In the example below, the indices returned by the order function are used to sort the entries in each group by a :
set.seed(123)
ex.df <- data.frame(
group = sample(LETTERS[1:4],20,replace=TRUE),
score1 = sample(1:10),
score2 = sample(1:10)
)
sortedOrderings <- by(ex.df, ex.df$group, function(df) order(df$score1 + df$score2) )
bestIndices <- lapply(sortedOrderings, FUN= function(lst) lst[1] )

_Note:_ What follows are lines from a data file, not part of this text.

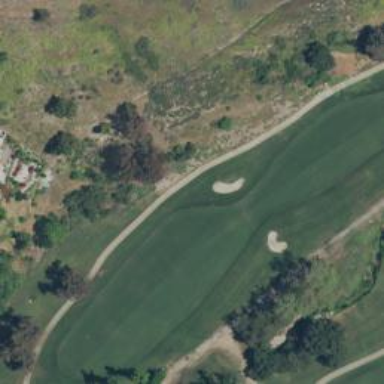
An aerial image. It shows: Golf hole.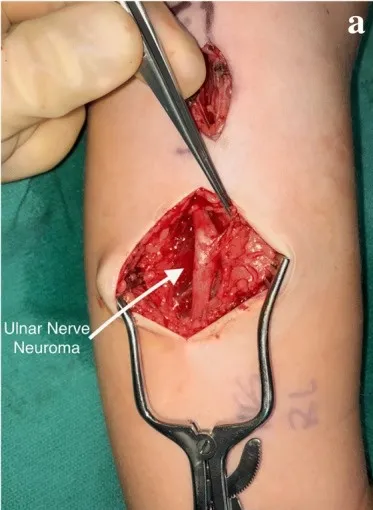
Identification and resection of ulnar nerve neuroma. An ulnar nerve neuroma in continuity was identified by fusiform swelling and fibrotic nerve (a).
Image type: medical_photograph (other_medical_photograph)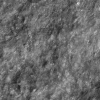
Atmospheric dust classification: not_dusty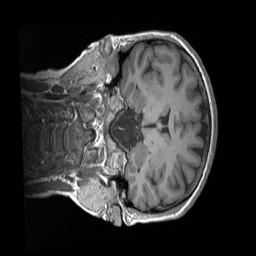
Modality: T1w
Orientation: coronal
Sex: female
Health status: ill
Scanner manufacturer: siemens
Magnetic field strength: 3 T
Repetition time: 1.66 s
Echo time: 0.00254 s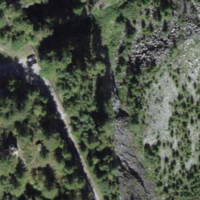
EUNIS habitat code: 31
Species observed at this site:
Parnassia palustris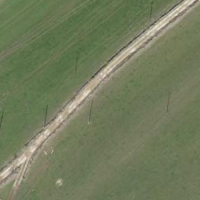
EUNIS habitat code: 52
Species observed at this site:
Rhamnus cathartica
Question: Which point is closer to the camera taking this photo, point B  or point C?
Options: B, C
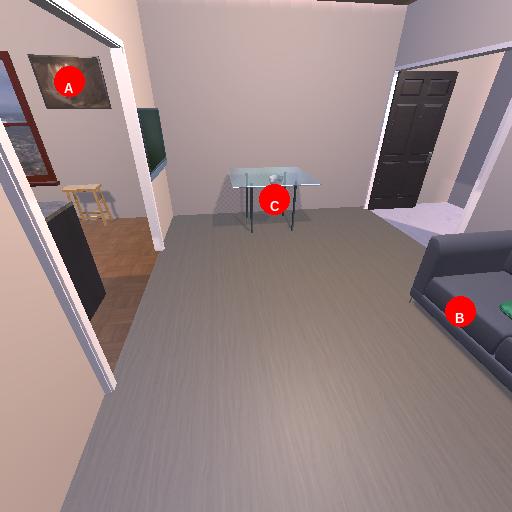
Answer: B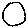
Label: circle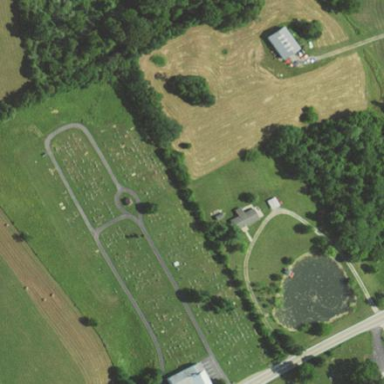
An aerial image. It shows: Cemetery.

The trouble is that order sees the indices of the data frame subsetted by by rather than ex.df itself, so using it to extract the relevant rows from the ex.df isn't the brightest idea:
print(sortedOrderings)
ex.df$group: A
[1] 2 3 4 1
---------------------------------------------------------------
ex.df$group: B
[1] 5 3 2 4 1
---------------------------------------------------------------
ex.df$group: C
[1] 2 1 3 4
---------------------------------------------------------------
ex.df$group: D
[1] 3 7 4 6 1 2 5
> print(ex.df[bestIndices,])
group score1 score2
2 D 7 9
5 D 4 1
2.1 D 7 9
3 B 6 6
Is there a way to pull out the "best" row from each group in ex.df, or at least have the indices reference ex.df?